# Ist mein Teich groß genug für Spiegelkarpfen



## Hoschi (13. Apr. 2011)

Hallo __ Knoblauchkröte 
oder jeder der mir weiter helfen kann,
ich möchte mir gern Spiegelkarpfen in meinen Teich setzen.
Tiefste Stelle ist ca. 2 m B x 1,5 m L x1,5 m T
Dann gestuft: ca. 2 m B x 8 m L x 0,5 m T
Hatt ca. 28000 L
Frage: Kann ich das überhaupt machen?
Und wenn, wie viel Tiere sollte ich max. einsetzen?
MfG
Der Neue


----------



## Christine (13. Apr. 2011)

*AW: Ist mein Teich groß genug für Spiegelkarpfen*

Hallo Hoschi,

und herzlich Willkommen - ich habe Deine Frage aus dem eher problematischen Thread mal wieder herausgelöst.

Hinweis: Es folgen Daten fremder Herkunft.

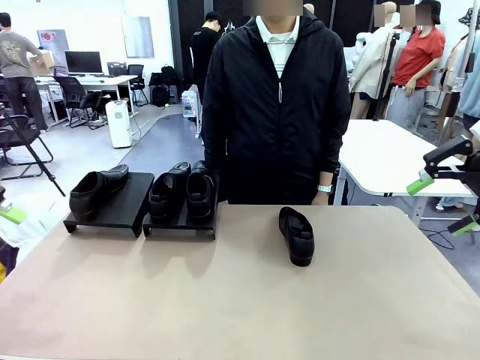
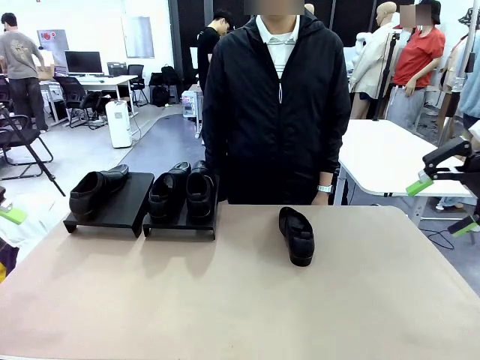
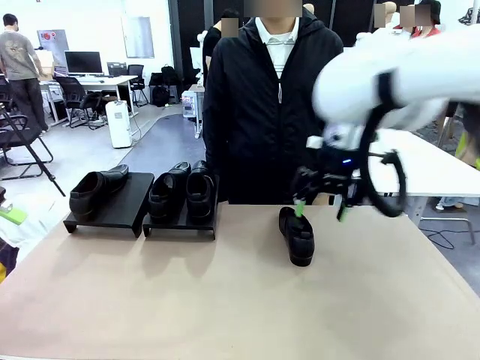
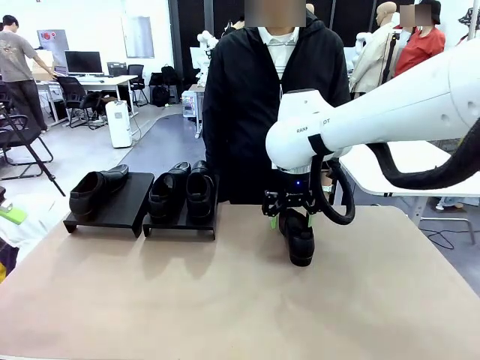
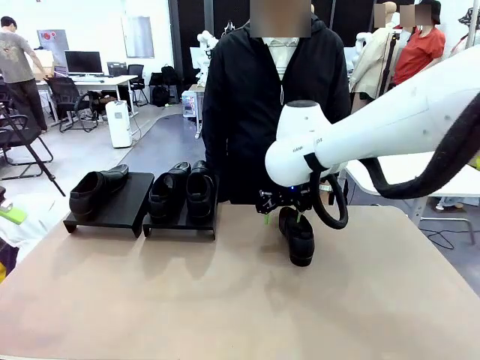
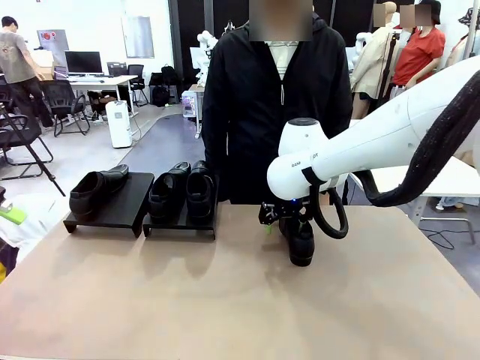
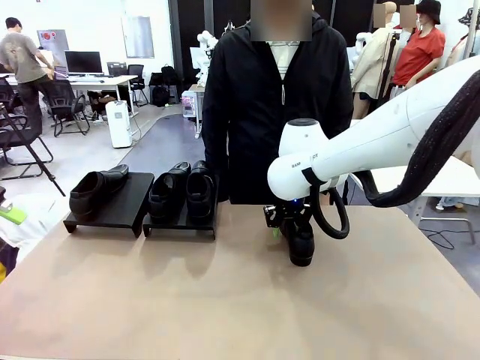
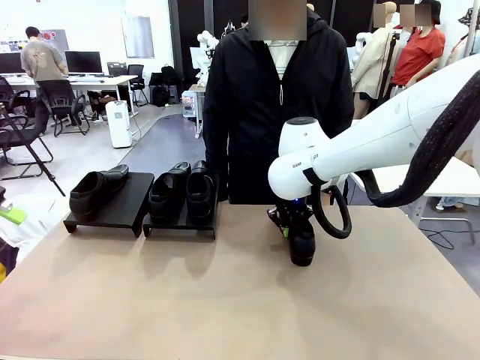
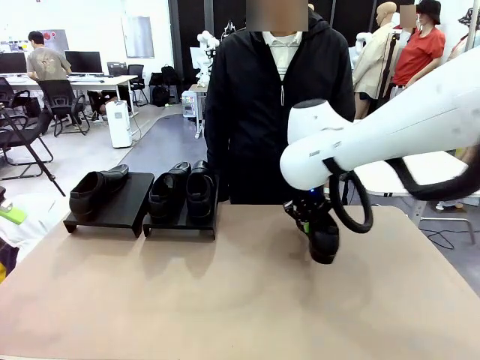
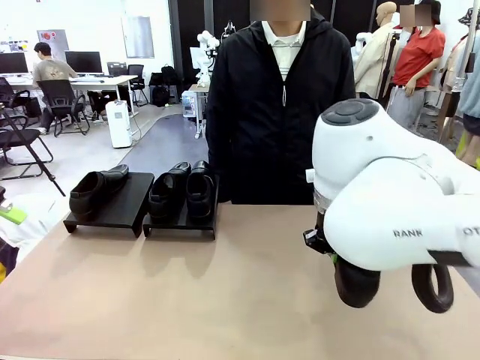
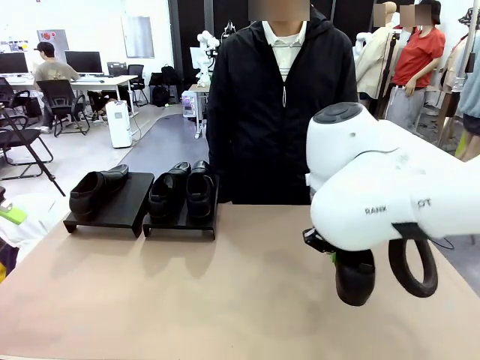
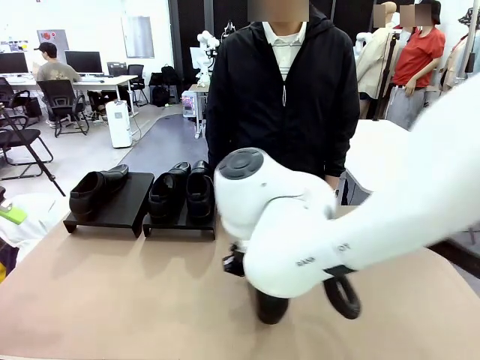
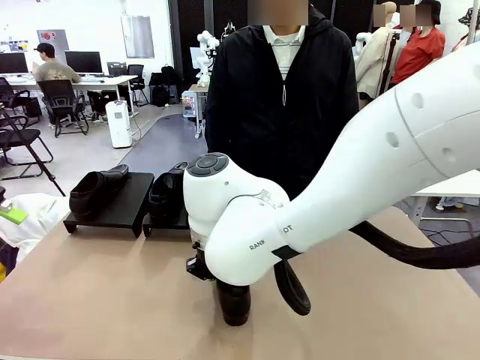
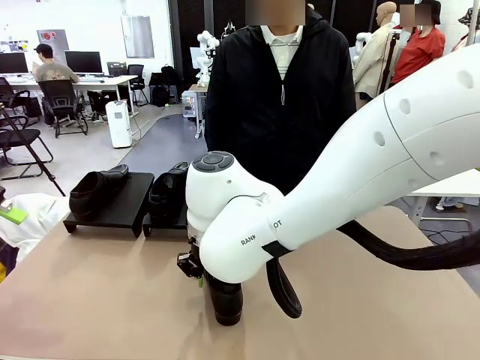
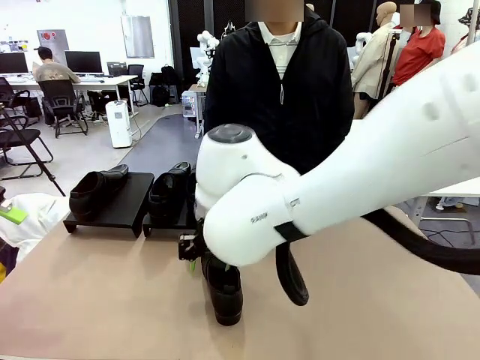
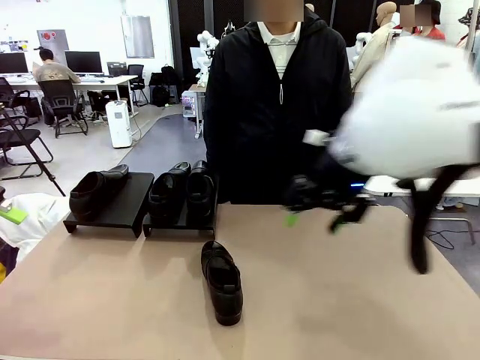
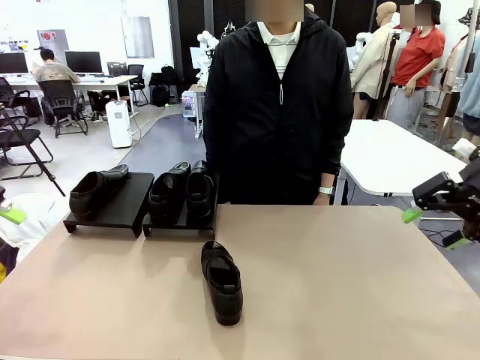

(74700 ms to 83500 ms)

Mal sehen, was unsere Fischexperten zu Deiner Frage sagen.


----------



## BA83043 (13. Apr. 2011)

*AW: Ist mein Teich groß genug für Spiegelkarpfen*

Klar wrum nicht wenn die filterung passt, andere tun bei der grösse Koi einsetzen sind auch Karpfen.


----------



## Christine (13. Apr. 2011)

*AW: Ist mein Teich groß genug für Spiegelkarpfen*

Nachtrag - warum willst Du die Spiegelkarpfen einsetzen? Willst Du sie als Weihnachtsbraten anfüttern und das visuelle ist Dir egal oder möchtest Du sie als Zierfische mit einem attraktiven Teich? Das sind nämlich völlig unterschiedliche Ansätze....


----------



## Armatus (13. Apr. 2011)

*AW: Ist mein Teich groß genug für Spiegelkarpfen*

Hallo Hoschi,

ja du kannst Spiegelkarpfen einsetzen.

Wie viele hängt von deiner Filterung ab und was du noch in den teich setzen willst.

Ich würde sagen so 3-5 stck.

@ Christine:

Ich habe auch einen Spiegelkarpfen im Teich, als Zierfisch. Sind super interessant! Werde mir noch einen Schuppi holen.

LG Dani


----------



## Christine (13. Apr. 2011)

*AW: Ist mein Teich groß genug für Spiegelkarpfen*

Hallo Dani,

alle Fische sind interessant (für mich zumindest). Mir ging es mehr um die Technik, die evtl. noch benötigt wird, da Karpfen ja doch ein wenig Staub aufwirbeln  (oder nicht  )


----------



## Hoschi (13. Apr. 2011)

*AW: Ist mein Teich groß genug für Spiegelkarpfen*

Hallo an alle,
Danke für den Einstand.
Als Stadtkind, hatte ich das Glück, eine Parkanlage mit zwei grossen Ententeichen gleich in der nähe zu haben.
In diesen Teichen wahren auch Spiegelkarpfen, die wahren sehr groß und hatten schon Algen,grünsparn oder wie auch immer man das nennt auf dem Rücken.
Diese riesen Fische schwammen dann an der Oberfläche und das sah einfach Super aus.


----------



## canis (13. Apr. 2011)

*AW: Ist mein Teich groß genug für Spiegelkarpfen*

Die Grösse des Teiches ist grundsätzlich ausreichend, eine Filteranlage wäre natürlich von Vorteil. Lieber nicht zu viele Fische reinsetzen, die genannten 3-5 Stück sind ausreichend.


----------



## Armatus (13. Apr. 2011)

*AW: Ist mein Teich groß genug für Spiegelkarpfen*



blumenelse schrieb:


> Hallo Dani,
> 
> alle Fische sind interessant (für mich zumindest). Mir ging es mehr um die Technik, die evtl. noch benötigt wird, da Karpfen ja doch ein wenig Staub aufwirbeln  (oder nicht  )



Nabend,

jop,das stimmt auf jeden Fall! Die machen sehr viel Dreck ^^

@ Hoschi: kannst du mal ne Skizze von deinem teich machen,so kann man sich das besser vorstellen

mfg


----------



## heiko-rech (13. Apr. 2011)

*AW: Ist mein Teich groß genug für Spiegelkarpfen*

Hallo,


blumenelse schrieb:


> da Karpfen ja doch ein wenig Staub aufwirbeln  (oder nicht  )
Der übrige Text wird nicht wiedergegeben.